Skip fitting the final model with caret

Question

Sometimes when I fit a model with caret, I am really just interested to see how it performs using the resampling method I have chosen (e.g. cross-validation).

When I am not interested in the "final model" built on the full training data, I would like to avoid fitting it. It is really just about saving precious minutes multiple times during development.

Is there any way to skip fitting the final model when using caret? I have not seen any relevant arguments in caret::trainControl or caret::train.

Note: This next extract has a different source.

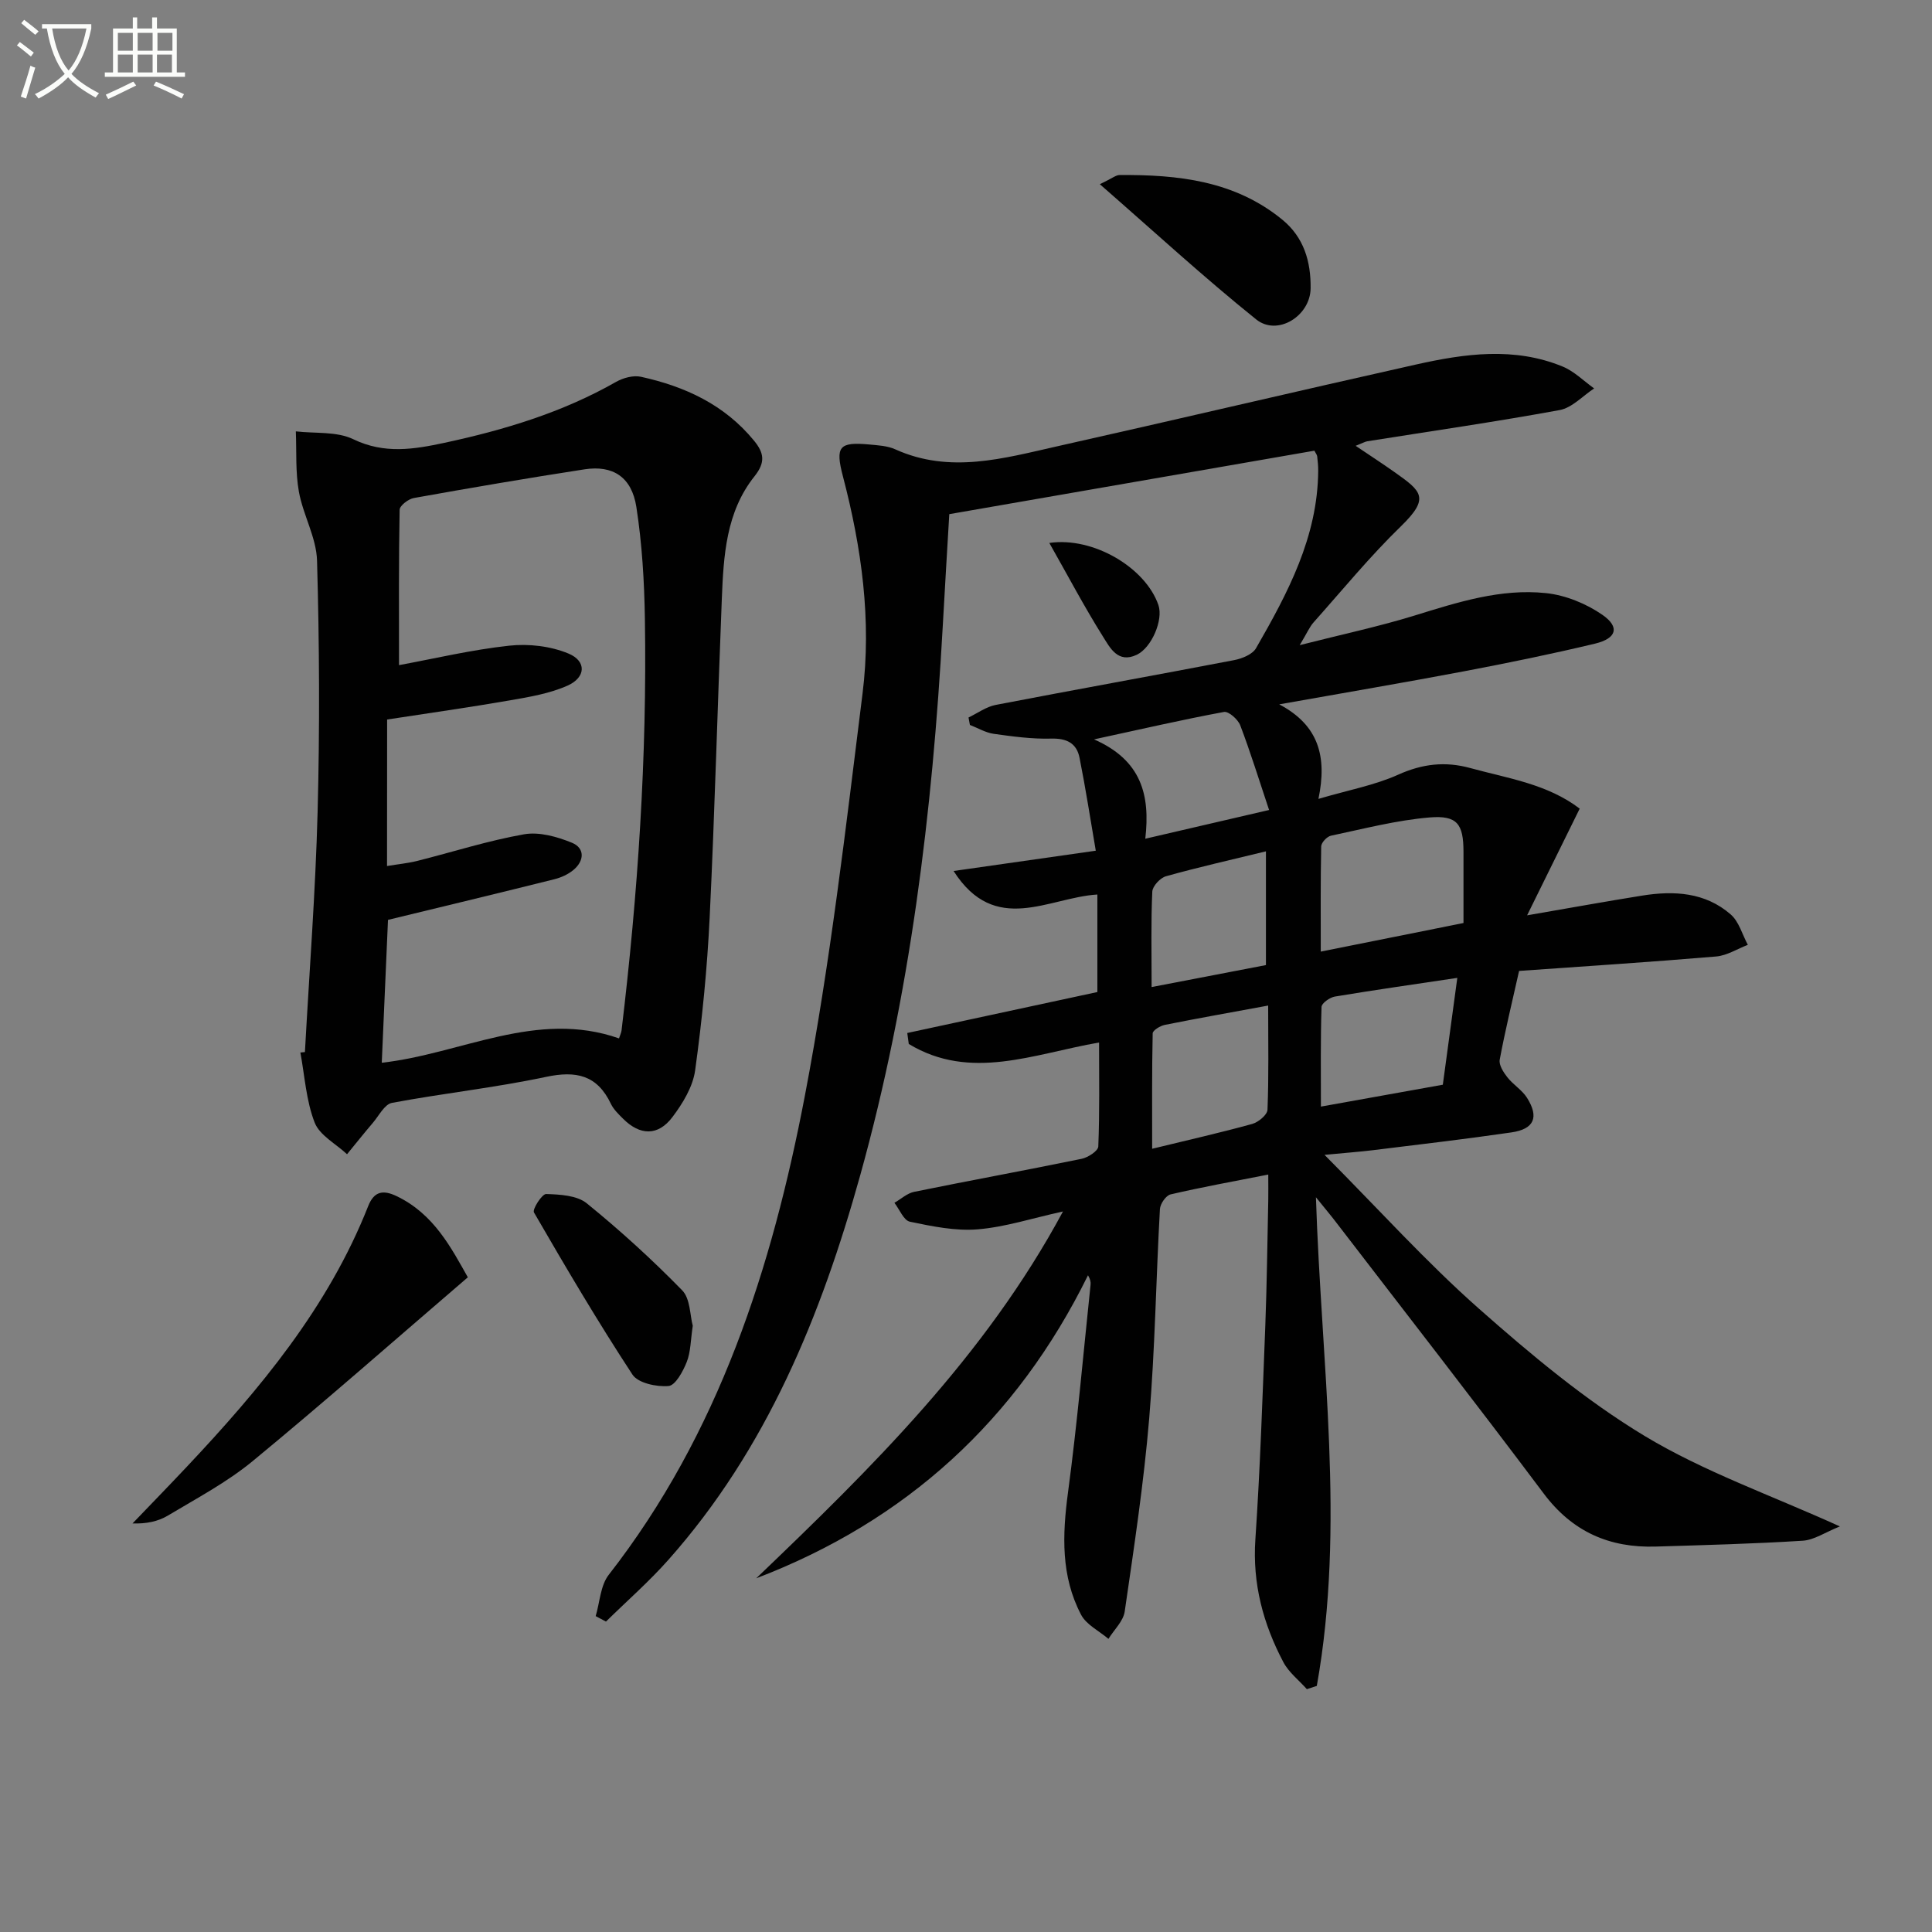 <svg enable-background="new 0 0 400 400" viewBox="0 0 400 400" xmlns="http://www.w3.org/2000/svg"><rect x="0" y="0" width="400" height="400" fill="#808080" stroke="none"/><path d="m6.4 11.7c-1-.8-1.9-1.6-2.9-2.3l.6-.7c.9.7 1.9 1.4 2.9 2.2zm-2.1 8.3c.7-2.1 1.4-4.2 2-6.4.2.1.6.3 1 .4-.7 2.3-1.3 4.4-1.9 6.4zm3-12.8c-1.1-.9-2.1-1.7-2.9-2.4l.6-.7c1 .8 2 1.5 3 2.4zm1.4-1.3v-.9h10.2v.9c-.9 4.2-2.3 7.3-4.1 9.4 1.3 1.4 3.2 2.7 5.7 4-.2.2-.4.5-.7.9-2.5-1.4-4.4-2.7-5.7-4.2-1.4 1.5-3.5 3-6.1 4.4 0 0 0 0-.1-.1-.3-.4-.5-.7-.7-.8 2.7-1.3 4.7-2.8 6.2-4.2-1.8-2.2-3-5.3-3.7-9.4zm9.2 0h-7.1c.6 3.8 1.7 6.7 3.4 8.7 1.7-2 2.9-4.8 3.7-8.7z" fill="#fbfcfa"/><path d="m31.6 3.6h.9v2.3h4.1v9.1h1.7v.9h-16.6v-.9h1.7v-9.1h4.1v-2.3h.9v2.3h3.1v-2.3zm-4 13.3.6.8c-1.9.9-3.8 1.9-5.8 2.8-.2-.3-.3-.6-.5-.9 2-.9 3.9-1.8 5.7-2.7zm-3.2-10.1v3.7h3.1v-3.7zm0 4.5v3.7h3.1v-3.7zm4.1-4.5v3.7h3.1v-3.7zm0 4.5v3.7h3.1v-3.7zm9.1 9.1c-2.1-1.1-4.1-2-5.8-2.7l.5-.8c2.2.9 4.1 1.8 5.8 2.6zm-1.9-13.6h-3.1v3.7h3.1zm-3.2 4.5v3.7h3.1v-3.7z" fill="#fbfcfa"/><g fill="#010101"><path d="m156.57 326.77c23.87-22.86 47.31-45.86 63.51-75.95-6.42 1.41-11.99 3.24-17.66 3.7-4.62.38-9.43-.62-14.04-1.58-1.28-.27-2.15-2.55-3.2-3.91 1.36-.78 2.64-1.99 4.11-2.28 11.53-2.35 23.12-4.46 34.65-6.83 1.32-.27 3.42-1.63 3.45-2.56.29-7.1.16-14.22.16-21.52-13.55 2.35-26.61 8.04-39.4.3-.1-.76-.2-1.51-.31-2.27 12.98-2.8 25.96-5.6 39.36-8.48 0-6.53 0-13.22 0-20.19-10.1.61-21.16 8.61-29.77-4.87 9.82-1.4 18.9-2.7 29.44-4.2-1.11-6.48-2.1-12.91-3.37-19.27-.6-2.99-2.66-4.03-5.87-3.94-3.96.11-7.96-.44-11.9-.99-1.69-.24-3.28-1.21-4.92-1.84-.1-.51-.19-1.02-.29-1.54 1.87-.89 3.65-2.22 5.61-2.6 16.45-3.17 32.94-6.12 49.39-9.28 1.64-.31 3.79-1.19 4.53-2.47 6.57-11.42 12.77-23.03 12.87-36.74.01-.99-.1-1.99-.21-2.98-.04-.31-.28-.59-.58-1.17-25.04 4.35-50.18 8.72-75.59 13.14-.46 7.79-.93 15.56-1.36 23.32-2.13 38.4-6.75 76.44-17.09 113.59-8.1 29.06-19.34 56.65-39.71 79.59-4.01 4.52-8.6 8.53-12.92 12.78-.71-.38-1.42-.75-2.13-1.13.86-2.88.98-6.35 2.71-8.56 22.83-29.28 33.79-63.58 40.6-99.18 5.26-27.51 8.46-55.44 11.94-83.27 1.9-15.14-.19-30.19-4.06-44.96-1.63-6.21-.78-7.18 5.48-6.6 1.81.17 3.75.27 5.36 1 11.33 5.12 22.48 1.85 33.58-.64 24.76-5.55 49.47-11.38 74.23-16.92 10.1-2.26 20.35-3.7 30.36.42 2.39.98 4.36 2.99 6.52 4.53-2.37 1.55-4.57 4.01-7.14 4.48-13.22 2.43-26.54 4.35-39.82 6.46-.46.07-.89.34-2.42.94 3.06 2.06 5.56 3.69 8 5.41 5.65 4 7.45 5.34 1.4 11.23-6.43 6.24-12.14 13.22-18.11 19.92-.84.94-1.34 2.18-2.87 4.71 8.84-2.25 16.38-3.85 23.72-6.11 8.94-2.76 17.89-5.66 27.3-4.66 4.03.43 8.31 2.18 11.66 4.5 3.64 2.53 2.95 4.88-1.54 5.96-9.03 2.16-18.13 4.02-27.25 5.75-12.19 2.31-24.43 4.38-38.13 6.82 8.22 4.33 9.93 10.87 8.12 19.57 6.26-1.84 11.67-2.83 16.53-5.02 5-2.25 9.73-2.79 14.92-1.36 7.8 2.14 15.95 3.29 22.64 8.4-3.5 7.09-6.91 14.01-10.89 22.09 8.98-1.55 16.37-2.89 23.79-4.08 6.6-1.06 13.09-.71 18.37 3.9 1.71 1.49 2.39 4.16 3.54 6.29-2.18.83-4.32 2.22-6.55 2.41-13.55 1.15-27.13 2.02-40.81 2.99-1.44 6.43-2.89 12.37-4.01 18.38-.2 1.09.77 2.61 1.58 3.64 1.21 1.54 3.05 2.63 4.08 4.26 2.52 4.01 1.48 6.46-3.22 7.15-9.53 1.39-19.1 2.5-28.65 3.68-2.78.34-5.59.54-10.06.97 11.26 11.32 21.06 22.2 31.96 31.84 10.81 9.55 22.06 18.97 34.35 26.38 12.27 7.39 26.08 12.22 40.39 18.71-3.08 1.23-5.35 2.82-7.71 2.96-10.12.64-20.26.9-30.4 1.21-9.59.3-17.27-3.05-23.22-10.99-14.17-18.9-28.69-37.54-43.08-56.28-1.09-1.42-2.24-2.78-4.07-5.05 1.09 34.48 6.13 67.91.18 101.17-.69.22-1.37.44-2.06.67-1.65-1.86-3.76-3.48-4.88-5.62-4.16-7.9-6.4-16.21-5.78-25.37 1-14.76 1.48-29.56 2.06-44.34.33-8.64.42-17.3.61-25.94.03-1.59 0-3.18 0-5.27-7.3 1.44-13.8 2.61-20.23 4.11-.95.22-2.14 1.95-2.2 3.04-.81 14.45-1.01 28.94-2.22 43.35-1.12 13.37-3.14 26.67-5.07 39.96-.29 2.01-2.2 3.78-3.37 5.67-1.93-1.65-4.58-2.92-5.67-5.01-4.18-7.97-3.88-16.48-2.71-25.24 1.92-14.31 3.17-28.71 4.68-43.08.06-.57-.07-1.15-.53-1.95-14.76 30-37.67 50.89-68.69 62.74zm116.88-129.75c10.27-2.06 19.78-3.97 29.55-5.92 0-5.19.01-10 0-14.82-.02-5.62-1.26-7.51-6.97-7.04-6.88.57-13.67 2.35-20.46 3.78-.83.17-2.01 1.43-2.03 2.21-.15 7.1-.09 14.19-.09 21.79zm-10.89 11.17c-7.75 1.43-14.59 2.64-21.39 4-.96.19-2.51 1.13-2.52 1.76-.17 7.87-.11 15.75-.11 23.89 7.54-1.84 14.17-3.33 20.71-5.14 1.28-.35 3.12-1.88 3.17-2.93.28-6.96.14-13.93.14-21.58zm39.16-5.73c-9.01 1.35-17.2 2.51-25.36 3.87-1.05.18-2.73 1.37-2.75 2.14-.22 6.72-.13 13.45-.13 20.64 8.92-1.6 17.01-3.05 25.24-4.53 1-7.37 1.95-14.37 3-22.12zm-63.29 1.9c8.61-1.65 16.3-3.13 23.67-4.55 0-8.27 0-15.8 0-23.55-7.26 1.77-14.03 3.29-20.7 5.16-1.19.33-2.78 2.05-2.83 3.18-.29 6.29-.14 12.59-.14 19.76zm24.32-36.66c-2.13-6.37-3.87-12.02-5.97-17.53-.47-1.23-2.41-2.94-3.36-2.77-8.53 1.58-16.99 3.53-26.91 5.68 9.8 4.3 11.66 11.5 10.61 20.57 8.71-2.03 16.69-3.88 25.63-5.95z"/><path d="m63.13 217.82c.91-16.59 2.19-33.17 2.63-49.77.45-17.31.37-34.65-.12-51.96-.13-4.79-2.89-9.46-3.76-14.3-.73-4.07-.46-8.31-.63-12.48 4 .47 8.47-.03 11.9 1.63 6.43 3.11 12.57 2.09 18.87.74 12.38-2.66 24.42-6.29 35.52-12.61 1.47-.84 3.58-1.41 5.17-1.06 9.11 2 17.29 5.77 23.4 13.22 2.09 2.55 2.4 4.49.11 7.37-5.93 7.42-6.42 16.52-6.78 25.51-.88 21.94-1.45 43.88-2.51 65.81-.51 10.59-1.56 21.19-3.01 31.69-.47 3.4-2.57 6.85-4.71 9.68-2.98 3.95-6.72 3.82-10.21.33-.94-.94-1.96-1.92-2.52-3.08-2.84-5.97-7.2-6.91-13.45-5.58-10.53 2.24-21.29 3.39-31.89 5.38-1.52.29-2.69 2.66-3.95 4.14-1.82 2.13-3.57 4.33-5.34 6.49-2.31-2.16-5.68-3.91-6.71-6.57-1.76-4.53-2.05-9.63-2.95-14.49.32-.02.63-.05.94-.09zm17-38.52c2.3-.38 4.28-.57 6.19-1.04 7.4-1.86 14.7-4.21 22.19-5.53 3.13-.55 6.84.5 9.9 1.75 2.69 1.1 2.6 3.73.32 5.63-1.1.92-2.56 1.58-3.97 1.93-11.35 2.84-22.73 5.57-34.43 8.41-.4 9.26-.84 19.28-1.29 29.58 16.51-1.85 32.07-11.03 49.12-5.04.24-.75.48-1.21.53-1.69 3.39-28.25 5.28-56.6 4.83-85.06-.12-7.78-.58-15.62-1.77-23.29-.97-6.21-4.88-8.68-10.73-7.78-11.81 1.82-23.58 3.83-35.34 5.94-1.13.2-2.92 1.57-2.94 2.43-.2 10.37-.13 20.75-.13 32.17 7.27-1.34 14.99-3.18 22.82-4.03 4.03-.44 8.58.09 12.29 1.64 3.75 1.57 3.58 4.93-.2 6.62-3.69 1.65-7.86 2.35-11.89 3.05-8.44 1.47-16.93 2.66-25.48 3.98-.02 10.04-.02 19.84-.02 30.33z"/><path d="m96.86 264.45c-15.16 13.01-29.65 25.78-44.54 38.05-5.34 4.4-11.61 7.72-17.59 11.3-2.03 1.21-4.48 1.71-7.29 1.61 3.72-3.88 7.47-7.73 11.15-11.64 15.22-16.16 29.36-33.08 37.64-54.06 1.23-3.13 3.14-3.38 5.89-2.06 7.72 3.69 11.32 10.75 14.74 16.8z"/><path d="m227.71 38.14c2.58-1.23 3.32-1.9 4.07-1.9 12.1-.1 23.85 1.17 33.71 9.24 4.49 3.68 5.92 8.69 5.86 14.2-.06 5.75-6.87 9.99-11.27 6.45-10.81-8.68-21.04-18.1-32.37-27.99z"/><path d="m143.43 274.49c-.45 2.97-.42 5.41-1.25 7.5-.77 1.94-2.34 4.85-3.77 4.97-2.47.21-6.31-.6-7.47-2.37-7.18-10.95-13.83-22.24-20.39-33.57-.37-.64 1.67-3.84 2.52-3.81 2.86.09 6.37.27 8.41 1.92 6.91 5.61 13.53 11.64 19.75 18.01 1.7 1.72 1.61 5.19 2.2 7.35z"/><path d="m217.25 112.41c9.13-1.33 19.94 5.14 22.59 12.87 1.04 3.05-1.39 8.81-4.48 10.28-3.92 1.87-5.57-1.49-7-3.76-3.85-6.13-7.23-12.55-11.11-19.39z"/></g></svg>

Julius Vainora Julius Vainora · Accepted Answer · 2018-10-24T11:11:14

There indeed doesn't seem to be an argument that directly achieves that. There are a couple of candidate solutions, though.

selectionFunction as an argument of trainControl selects the final model based on candidate models' performance (with there being only one candidate when there is no parameter tuning) in terms of accuracy, RMSE, etc. Setting selectionFunction as something like function(x, ...) NA or function(x, ...) NULL fails. However, something like function(x, ...) -1 does partially work: there is no warning or error returned, and a final model is attempted to fit. The final outcome seems to be model-dependent.
Another argument of trainControl of interest is indexFinal:

an optional vector of integers indicating which samples are used to fit the final model after resampling. If NULL, then entire data set is used.

Setting it to NA appears to fail with most models, except kNN. Setting it to something like 1:10 fit a final model, if there are few enough parameters, using only those ten observations. Hence, setting it to something like 1:100 should work in many cases and take little time.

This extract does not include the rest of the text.